Loading packages. Importing and cleaning data.
#loading packages
#########################################################################
library(tidyverse)
library(viridis)
library(extrafont)
library(lubridate)
library(dygraphs)
library(xts)
#########################################################################
#importing data
#########################################################################
#Historic Yipit Estimates in tabular form
YipitHistoricData <- read.csv("C:\\Users\\NathanielDeacon\\Desktop\\HistoricDataTidy.csv")
#Q4 2013 Raw Data
Q4Data <- read.csv("C:\\Users\\NathanielDeacon\\Desktop\\Q4Data.csv")
#Groupon Historic Earnings data, from the Morgan Stanley Report
GrouponHistData <- read.csv("C:\\Users\\NathanielDeacon\\Desktop\\MS_GrouponHistoricData.csv", skip = 2)
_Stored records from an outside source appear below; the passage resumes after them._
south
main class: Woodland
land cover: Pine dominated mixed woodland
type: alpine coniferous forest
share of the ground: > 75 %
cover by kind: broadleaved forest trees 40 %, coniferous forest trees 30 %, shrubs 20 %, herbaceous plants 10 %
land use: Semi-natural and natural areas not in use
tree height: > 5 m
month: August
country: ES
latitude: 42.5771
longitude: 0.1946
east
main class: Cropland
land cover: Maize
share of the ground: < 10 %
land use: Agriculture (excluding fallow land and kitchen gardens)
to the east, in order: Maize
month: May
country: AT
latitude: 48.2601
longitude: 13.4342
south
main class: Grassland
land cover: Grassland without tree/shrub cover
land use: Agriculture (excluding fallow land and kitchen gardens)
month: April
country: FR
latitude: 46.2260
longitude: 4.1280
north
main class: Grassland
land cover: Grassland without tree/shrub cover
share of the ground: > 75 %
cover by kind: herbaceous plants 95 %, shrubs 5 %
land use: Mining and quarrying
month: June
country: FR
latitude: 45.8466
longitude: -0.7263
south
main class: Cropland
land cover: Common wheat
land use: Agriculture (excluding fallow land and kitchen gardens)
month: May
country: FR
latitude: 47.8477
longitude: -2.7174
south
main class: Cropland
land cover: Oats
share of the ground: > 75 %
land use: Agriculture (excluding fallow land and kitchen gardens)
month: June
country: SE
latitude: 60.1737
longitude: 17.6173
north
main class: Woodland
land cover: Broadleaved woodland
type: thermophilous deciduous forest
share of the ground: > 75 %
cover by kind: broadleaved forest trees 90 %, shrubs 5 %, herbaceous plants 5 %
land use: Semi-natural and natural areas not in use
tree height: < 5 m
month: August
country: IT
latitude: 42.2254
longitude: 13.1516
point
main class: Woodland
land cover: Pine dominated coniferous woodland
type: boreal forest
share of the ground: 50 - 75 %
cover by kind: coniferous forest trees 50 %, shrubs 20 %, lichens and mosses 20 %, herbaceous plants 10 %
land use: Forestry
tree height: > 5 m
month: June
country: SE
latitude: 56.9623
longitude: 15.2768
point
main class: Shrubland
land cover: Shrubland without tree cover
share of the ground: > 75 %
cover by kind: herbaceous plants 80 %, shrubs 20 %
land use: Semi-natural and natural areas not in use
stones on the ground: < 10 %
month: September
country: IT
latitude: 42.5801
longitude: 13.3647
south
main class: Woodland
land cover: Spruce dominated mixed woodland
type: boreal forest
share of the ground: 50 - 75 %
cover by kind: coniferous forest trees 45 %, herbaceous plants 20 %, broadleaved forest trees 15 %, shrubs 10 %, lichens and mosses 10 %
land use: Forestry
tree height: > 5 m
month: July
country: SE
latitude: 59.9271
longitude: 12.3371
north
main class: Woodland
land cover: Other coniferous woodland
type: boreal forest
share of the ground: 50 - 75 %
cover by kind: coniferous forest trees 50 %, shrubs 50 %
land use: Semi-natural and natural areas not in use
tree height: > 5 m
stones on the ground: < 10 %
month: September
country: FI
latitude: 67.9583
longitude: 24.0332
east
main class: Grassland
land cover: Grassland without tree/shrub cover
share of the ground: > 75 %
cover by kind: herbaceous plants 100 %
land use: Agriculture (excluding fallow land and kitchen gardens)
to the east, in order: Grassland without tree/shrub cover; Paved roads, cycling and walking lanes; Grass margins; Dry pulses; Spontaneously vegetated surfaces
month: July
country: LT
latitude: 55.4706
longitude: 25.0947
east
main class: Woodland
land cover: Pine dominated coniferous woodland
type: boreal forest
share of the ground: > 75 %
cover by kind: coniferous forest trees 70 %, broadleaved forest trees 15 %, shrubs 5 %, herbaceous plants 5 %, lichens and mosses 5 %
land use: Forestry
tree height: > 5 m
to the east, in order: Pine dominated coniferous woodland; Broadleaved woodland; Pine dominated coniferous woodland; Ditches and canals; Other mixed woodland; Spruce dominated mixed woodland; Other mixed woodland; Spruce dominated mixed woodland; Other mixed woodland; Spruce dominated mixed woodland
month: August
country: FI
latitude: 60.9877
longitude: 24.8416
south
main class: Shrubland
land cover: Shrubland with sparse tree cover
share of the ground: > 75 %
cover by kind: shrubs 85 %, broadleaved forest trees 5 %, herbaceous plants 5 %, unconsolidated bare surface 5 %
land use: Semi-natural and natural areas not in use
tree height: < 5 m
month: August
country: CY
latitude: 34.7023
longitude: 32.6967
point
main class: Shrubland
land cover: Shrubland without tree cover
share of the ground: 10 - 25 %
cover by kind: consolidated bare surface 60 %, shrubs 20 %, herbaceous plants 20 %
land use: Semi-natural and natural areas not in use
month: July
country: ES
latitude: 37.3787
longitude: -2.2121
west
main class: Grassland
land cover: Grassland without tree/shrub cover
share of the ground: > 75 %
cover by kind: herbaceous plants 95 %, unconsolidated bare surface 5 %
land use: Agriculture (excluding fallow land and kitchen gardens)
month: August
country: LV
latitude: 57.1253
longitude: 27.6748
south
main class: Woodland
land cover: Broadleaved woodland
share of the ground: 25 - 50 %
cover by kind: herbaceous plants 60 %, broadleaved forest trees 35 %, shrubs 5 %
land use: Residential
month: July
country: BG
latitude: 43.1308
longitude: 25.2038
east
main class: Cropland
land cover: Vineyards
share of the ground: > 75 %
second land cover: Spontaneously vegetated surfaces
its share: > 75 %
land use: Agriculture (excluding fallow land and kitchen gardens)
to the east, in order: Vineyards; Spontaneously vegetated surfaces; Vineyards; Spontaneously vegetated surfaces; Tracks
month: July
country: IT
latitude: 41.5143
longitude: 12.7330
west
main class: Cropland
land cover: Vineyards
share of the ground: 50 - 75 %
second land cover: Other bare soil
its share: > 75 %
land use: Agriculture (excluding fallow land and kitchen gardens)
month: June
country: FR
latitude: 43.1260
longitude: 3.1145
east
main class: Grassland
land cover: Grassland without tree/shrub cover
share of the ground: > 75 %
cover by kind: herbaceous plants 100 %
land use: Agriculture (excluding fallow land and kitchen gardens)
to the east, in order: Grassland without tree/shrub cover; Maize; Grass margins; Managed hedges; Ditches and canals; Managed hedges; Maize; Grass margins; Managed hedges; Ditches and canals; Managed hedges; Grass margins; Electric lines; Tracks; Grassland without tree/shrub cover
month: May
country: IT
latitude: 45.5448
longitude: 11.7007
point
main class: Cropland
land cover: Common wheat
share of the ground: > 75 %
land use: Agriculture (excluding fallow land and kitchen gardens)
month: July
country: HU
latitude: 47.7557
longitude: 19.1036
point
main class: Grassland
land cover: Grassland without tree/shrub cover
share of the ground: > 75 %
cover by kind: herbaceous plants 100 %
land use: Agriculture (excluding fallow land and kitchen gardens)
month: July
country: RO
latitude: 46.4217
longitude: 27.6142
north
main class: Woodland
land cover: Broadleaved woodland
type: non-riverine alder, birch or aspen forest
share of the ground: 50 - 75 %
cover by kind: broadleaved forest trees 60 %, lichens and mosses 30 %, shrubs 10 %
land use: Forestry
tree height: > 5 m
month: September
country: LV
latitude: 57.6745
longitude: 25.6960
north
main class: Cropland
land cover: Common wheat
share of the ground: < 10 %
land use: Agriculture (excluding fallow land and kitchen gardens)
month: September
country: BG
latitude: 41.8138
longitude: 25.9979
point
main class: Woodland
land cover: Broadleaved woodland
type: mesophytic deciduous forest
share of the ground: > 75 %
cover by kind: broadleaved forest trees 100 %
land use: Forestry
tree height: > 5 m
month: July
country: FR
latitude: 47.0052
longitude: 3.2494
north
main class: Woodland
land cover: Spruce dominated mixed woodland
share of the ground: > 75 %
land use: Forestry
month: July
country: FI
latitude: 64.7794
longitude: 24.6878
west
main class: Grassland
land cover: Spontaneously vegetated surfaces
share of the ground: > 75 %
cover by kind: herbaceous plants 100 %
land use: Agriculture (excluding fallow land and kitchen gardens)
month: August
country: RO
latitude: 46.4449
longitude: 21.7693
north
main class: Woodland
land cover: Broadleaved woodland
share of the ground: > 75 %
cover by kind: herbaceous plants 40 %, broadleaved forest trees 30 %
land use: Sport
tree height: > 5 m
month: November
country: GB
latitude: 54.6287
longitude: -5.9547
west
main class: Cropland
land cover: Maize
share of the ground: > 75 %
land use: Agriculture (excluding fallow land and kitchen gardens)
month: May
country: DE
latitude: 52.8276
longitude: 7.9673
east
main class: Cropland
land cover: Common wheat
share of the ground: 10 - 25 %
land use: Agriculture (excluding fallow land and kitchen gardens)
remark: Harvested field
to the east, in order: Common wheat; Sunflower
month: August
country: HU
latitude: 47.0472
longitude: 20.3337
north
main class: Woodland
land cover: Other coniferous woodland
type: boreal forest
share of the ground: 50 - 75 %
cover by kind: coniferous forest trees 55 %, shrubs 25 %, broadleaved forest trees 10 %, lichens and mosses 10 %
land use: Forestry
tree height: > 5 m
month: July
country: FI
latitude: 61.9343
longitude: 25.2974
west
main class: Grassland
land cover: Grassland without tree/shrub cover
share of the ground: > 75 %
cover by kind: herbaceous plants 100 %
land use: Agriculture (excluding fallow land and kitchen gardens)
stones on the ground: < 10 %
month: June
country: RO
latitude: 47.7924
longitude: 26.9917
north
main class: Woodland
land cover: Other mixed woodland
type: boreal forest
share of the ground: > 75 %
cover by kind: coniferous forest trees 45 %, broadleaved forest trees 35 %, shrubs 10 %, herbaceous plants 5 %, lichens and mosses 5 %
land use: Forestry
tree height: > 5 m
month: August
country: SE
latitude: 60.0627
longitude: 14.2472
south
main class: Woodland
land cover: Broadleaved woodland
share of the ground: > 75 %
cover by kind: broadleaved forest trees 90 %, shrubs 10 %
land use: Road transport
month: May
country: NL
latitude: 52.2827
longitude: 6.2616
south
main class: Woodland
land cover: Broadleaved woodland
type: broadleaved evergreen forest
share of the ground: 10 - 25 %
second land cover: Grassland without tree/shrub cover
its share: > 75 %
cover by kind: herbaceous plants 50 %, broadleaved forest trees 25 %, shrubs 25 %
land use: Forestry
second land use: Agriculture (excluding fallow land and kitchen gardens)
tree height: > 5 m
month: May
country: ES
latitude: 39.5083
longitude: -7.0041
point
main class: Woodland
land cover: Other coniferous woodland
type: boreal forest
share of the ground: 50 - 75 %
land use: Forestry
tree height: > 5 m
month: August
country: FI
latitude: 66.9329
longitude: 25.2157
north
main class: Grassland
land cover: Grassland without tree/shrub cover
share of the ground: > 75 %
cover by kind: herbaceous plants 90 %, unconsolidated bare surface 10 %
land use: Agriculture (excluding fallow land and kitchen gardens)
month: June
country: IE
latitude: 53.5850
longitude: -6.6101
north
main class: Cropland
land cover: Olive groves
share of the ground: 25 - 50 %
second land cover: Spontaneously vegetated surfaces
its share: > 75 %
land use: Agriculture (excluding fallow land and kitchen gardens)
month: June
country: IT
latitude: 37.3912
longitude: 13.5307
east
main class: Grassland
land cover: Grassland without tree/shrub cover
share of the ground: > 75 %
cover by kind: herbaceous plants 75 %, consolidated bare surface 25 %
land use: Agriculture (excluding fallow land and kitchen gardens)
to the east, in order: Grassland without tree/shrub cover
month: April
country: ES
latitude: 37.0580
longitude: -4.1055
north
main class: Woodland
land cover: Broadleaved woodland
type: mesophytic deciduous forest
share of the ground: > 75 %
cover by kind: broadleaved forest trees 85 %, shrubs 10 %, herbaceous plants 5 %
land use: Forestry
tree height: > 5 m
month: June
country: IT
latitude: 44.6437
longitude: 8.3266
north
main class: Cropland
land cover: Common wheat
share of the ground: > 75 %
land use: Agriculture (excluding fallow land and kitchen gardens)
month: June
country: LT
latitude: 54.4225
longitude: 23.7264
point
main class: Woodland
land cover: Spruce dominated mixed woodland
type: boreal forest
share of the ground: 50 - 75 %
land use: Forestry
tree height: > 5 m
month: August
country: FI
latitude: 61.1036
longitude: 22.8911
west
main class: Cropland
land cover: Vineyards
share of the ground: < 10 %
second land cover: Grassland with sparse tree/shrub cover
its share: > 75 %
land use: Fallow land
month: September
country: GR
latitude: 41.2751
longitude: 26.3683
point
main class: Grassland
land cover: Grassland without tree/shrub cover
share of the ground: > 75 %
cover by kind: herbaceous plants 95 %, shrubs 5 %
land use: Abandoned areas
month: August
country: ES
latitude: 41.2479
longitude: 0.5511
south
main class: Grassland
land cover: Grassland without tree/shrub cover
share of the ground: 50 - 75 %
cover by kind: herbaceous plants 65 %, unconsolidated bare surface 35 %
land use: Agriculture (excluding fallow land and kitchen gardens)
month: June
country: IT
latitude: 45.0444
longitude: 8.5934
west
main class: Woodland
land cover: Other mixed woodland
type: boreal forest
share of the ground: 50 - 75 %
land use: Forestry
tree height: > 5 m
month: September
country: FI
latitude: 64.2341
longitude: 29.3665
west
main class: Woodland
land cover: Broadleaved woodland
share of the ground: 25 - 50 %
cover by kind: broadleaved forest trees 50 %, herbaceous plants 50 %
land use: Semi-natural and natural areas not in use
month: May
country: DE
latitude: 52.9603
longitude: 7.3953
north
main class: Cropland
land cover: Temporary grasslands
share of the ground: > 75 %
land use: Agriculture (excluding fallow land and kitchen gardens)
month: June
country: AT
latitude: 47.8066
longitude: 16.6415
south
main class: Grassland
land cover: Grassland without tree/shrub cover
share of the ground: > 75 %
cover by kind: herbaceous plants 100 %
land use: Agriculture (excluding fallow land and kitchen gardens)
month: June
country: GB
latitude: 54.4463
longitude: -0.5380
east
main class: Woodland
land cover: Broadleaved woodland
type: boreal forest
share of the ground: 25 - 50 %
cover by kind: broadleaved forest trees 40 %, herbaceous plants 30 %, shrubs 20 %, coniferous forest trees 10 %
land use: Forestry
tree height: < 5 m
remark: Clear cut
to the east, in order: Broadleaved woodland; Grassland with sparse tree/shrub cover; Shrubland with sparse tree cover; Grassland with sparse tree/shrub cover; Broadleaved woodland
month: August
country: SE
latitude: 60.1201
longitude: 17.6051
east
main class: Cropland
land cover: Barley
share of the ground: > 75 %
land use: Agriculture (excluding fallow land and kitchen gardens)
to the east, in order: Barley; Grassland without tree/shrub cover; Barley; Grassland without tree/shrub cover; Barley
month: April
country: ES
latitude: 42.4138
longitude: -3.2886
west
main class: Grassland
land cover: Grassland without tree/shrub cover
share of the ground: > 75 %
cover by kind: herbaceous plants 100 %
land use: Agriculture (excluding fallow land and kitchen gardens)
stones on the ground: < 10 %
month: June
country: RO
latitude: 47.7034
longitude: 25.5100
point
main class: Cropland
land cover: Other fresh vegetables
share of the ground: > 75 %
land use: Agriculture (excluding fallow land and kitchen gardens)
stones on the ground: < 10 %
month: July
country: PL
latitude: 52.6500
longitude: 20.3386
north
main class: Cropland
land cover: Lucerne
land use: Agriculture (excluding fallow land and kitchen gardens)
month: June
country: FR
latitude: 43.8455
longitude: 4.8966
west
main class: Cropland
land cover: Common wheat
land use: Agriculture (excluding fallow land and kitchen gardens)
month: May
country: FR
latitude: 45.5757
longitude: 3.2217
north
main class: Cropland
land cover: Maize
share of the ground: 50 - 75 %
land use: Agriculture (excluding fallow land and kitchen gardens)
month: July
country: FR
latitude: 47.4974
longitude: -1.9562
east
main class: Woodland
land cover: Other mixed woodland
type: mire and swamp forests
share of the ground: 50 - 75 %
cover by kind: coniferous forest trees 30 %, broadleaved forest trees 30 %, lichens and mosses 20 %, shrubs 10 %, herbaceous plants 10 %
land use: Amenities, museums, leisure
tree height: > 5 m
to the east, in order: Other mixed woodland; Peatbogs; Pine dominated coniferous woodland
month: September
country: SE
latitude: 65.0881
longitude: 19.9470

#########################################################################
#cleaning data
#########################################################################
#column names
colnames(Q4Data)[1] <- "Deal.ID"
colnames(YipitHistoricData)[1] <- "month.beginning"
#convert to date types
YipitHistoricData$month.beginning <- as.Date(YipitHistoricData$month.beginning, "%m/%d/%Y")
Q4Data$Start.Date <- as.Date(Q4Data$Start.Date, "%m/%d/%Y")
#Change Billings column in Q4Data to num, as it is recognized by R as a character currently
Q4Data$Billings <- gsub(",", "", Q4Data$Billings) #remove commas to avoid NAs being introduced by coercion
Q4Data$Billings <- as.numeric(Q4Data$Billings)
#Create column for historic billings in dollars instead of millions of dollars
YipitHistoricData$billings <- YipitHistoricData$billings.millions*1000000
#add quarter + year column to historic data table
YipitHistoricData$qtryr <- quarter(YipitHistoricData$month.beginning, with_year = TRUE, fiscal_start = 1)
#########################################################################
#aggregate the Yipit historic data by quarter
YipitQuarterlyHistData <- YipitHistoricData %>%
group_by(qtryr, segment) %>%
summarize(billings = sum(billings))
## `summarise()` has grouped output by 'qtryr'. You can override using the `.groups` argument.
#combine dfs for groupon reported and Yipit estimated historic data
YipitQuarterlyHistData$billings.Millions.Yipit <- YipitQuarterlyHistData$billings/1000000
YipitVGroupon <- left_join(GrouponHistData, YipitQuarterlyHistData)
## Joining, by = c("qtryr", "segment")
#scatter plot
ggplot(data = YipitVGroupon, aes(x = billings.Millions.Yipit, y = billings.millions, color = segment)) +
geom_point()+
geom_smooth(method = lm) +
labs(x = "Yipit Estimated Billings ($Millions)", y = "Actual Reported Billings ($Millions)", color = "Segment",
title = "Exhibit 1: Yipit Estimated vs. Reported Actual Gross Billings, Q3'12-Q3'13") +
theme(text=element_text(size=12, family="Arial"), panel.grid.major = element_line(color = "#31577d", size = (0.5)))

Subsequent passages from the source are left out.